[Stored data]
- - - -
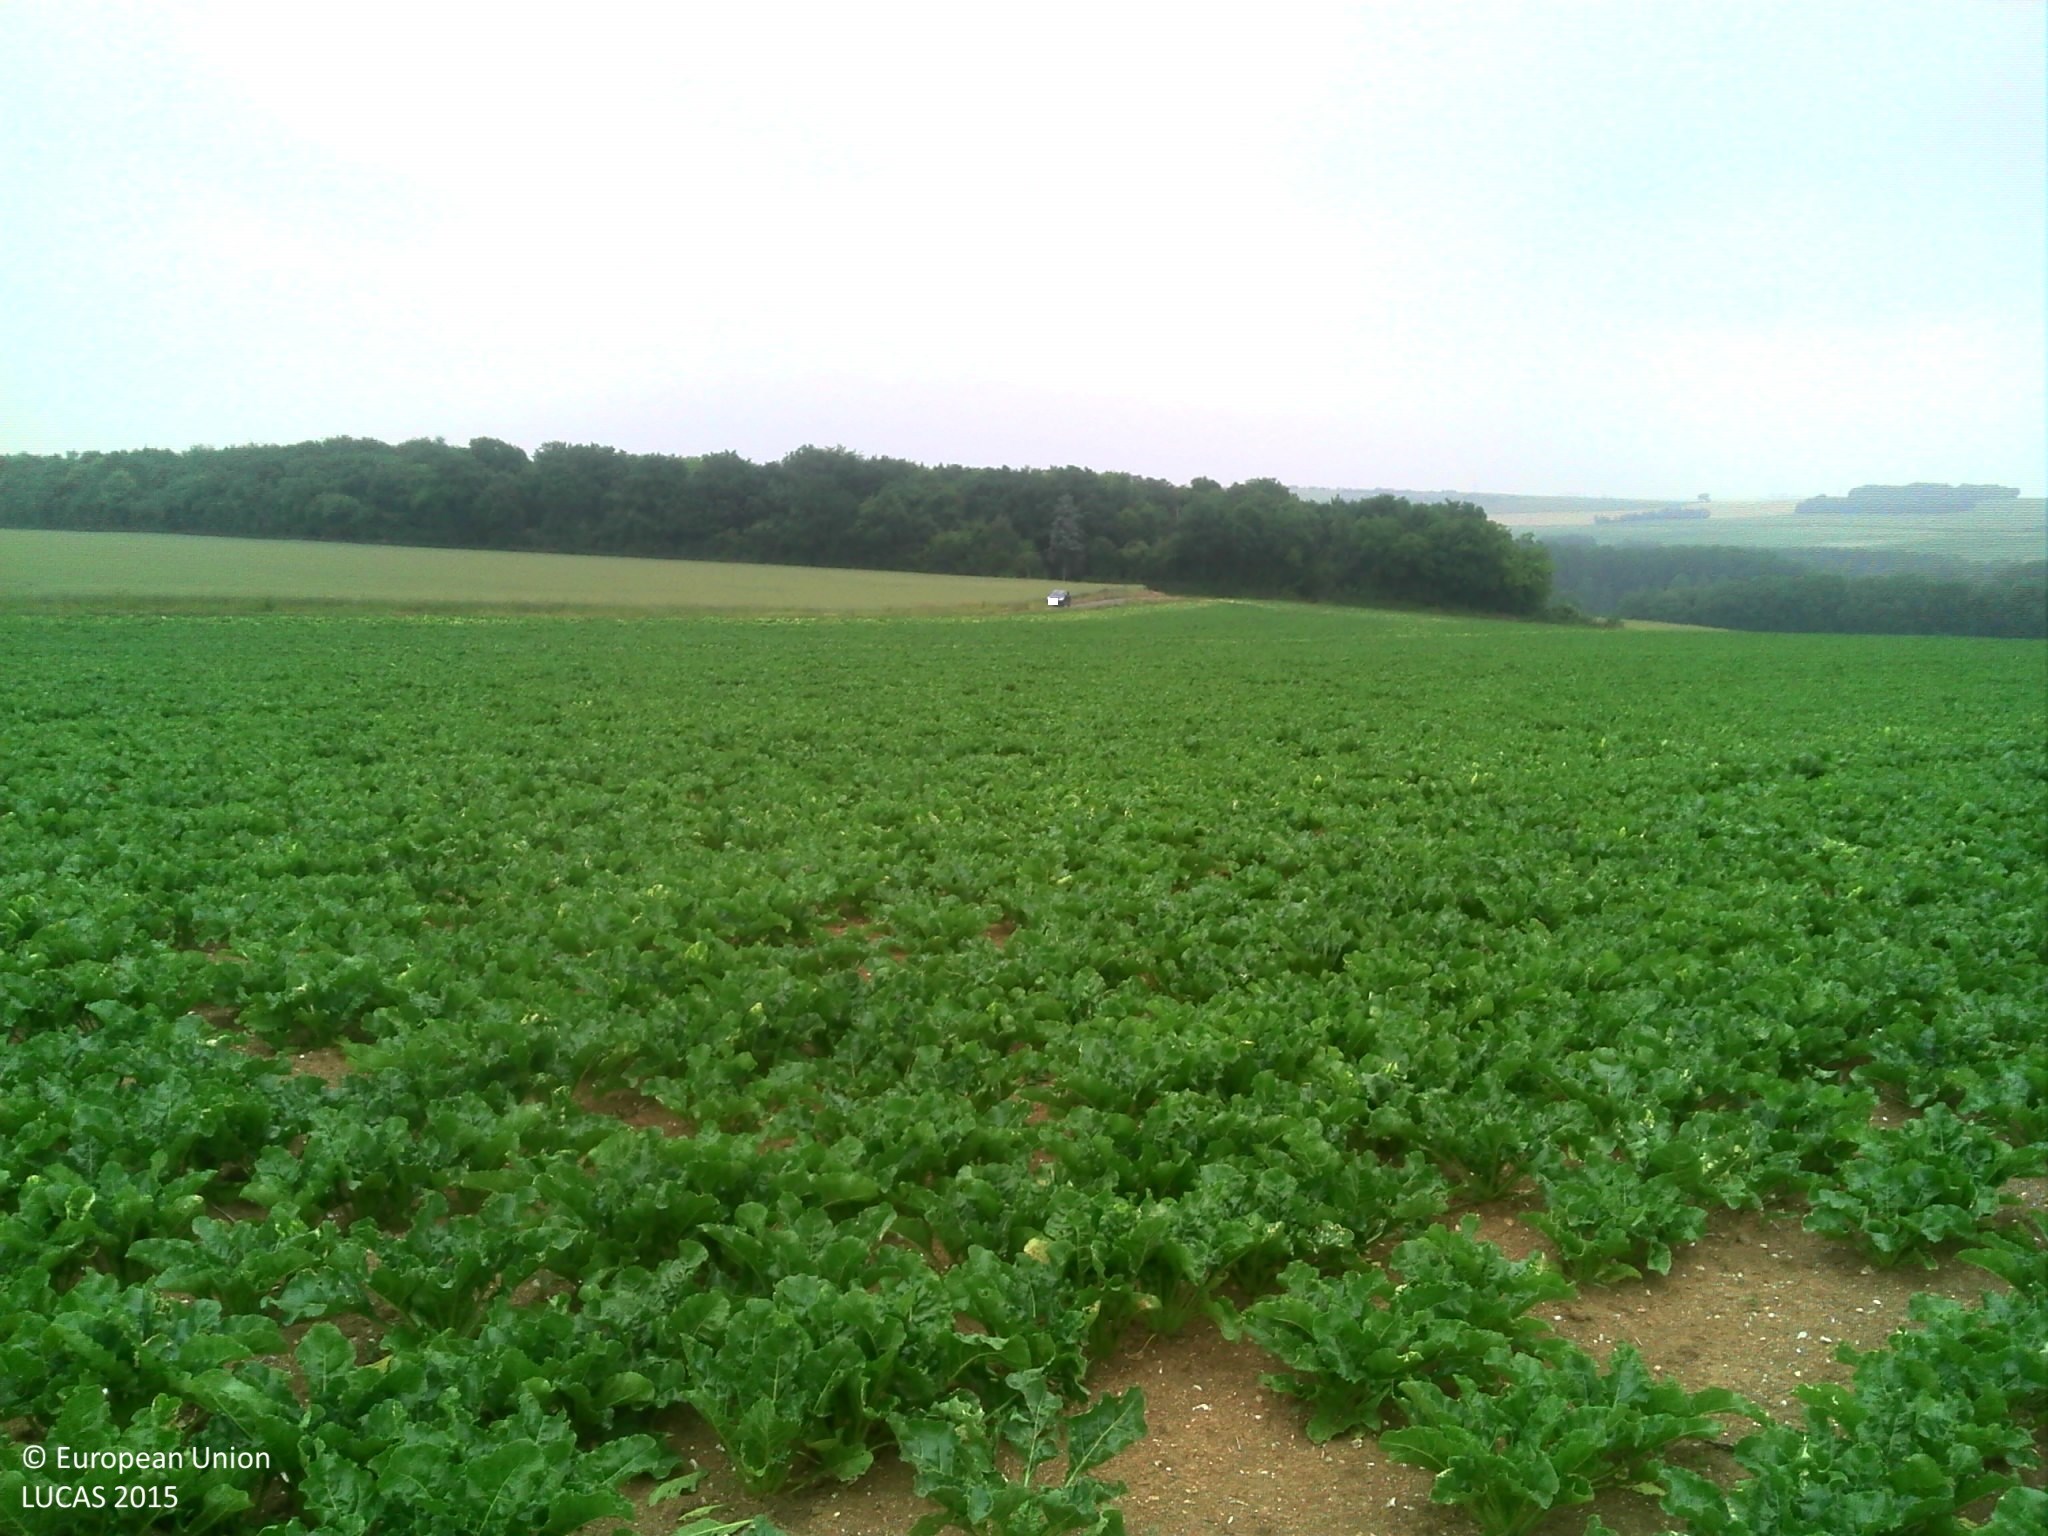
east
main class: Cropland
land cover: Sugar beet
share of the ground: > 75 %
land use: Agriculture (excluding fallow land and kitchen gardens)
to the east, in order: Sugar beet; Grass margins; Paved roads, cycling and walking lanes
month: June
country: FR
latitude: 49.8077
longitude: 2.1905
- - - -
### Problem requirements
All of the data must be set down exactly, with no pictures included.

### Answer to this task
east
main class: Cropland
land cover: Sugar beet
share of the ground: > 75 %
land use: Agriculture (excluding fallow land and kitchen gardens)
to the east, in order: Sugar beet; Grass margins; Paved roads, cycling and walking lanes
month: June
country: FR
latitude: 49.8077
longitude: 2.1905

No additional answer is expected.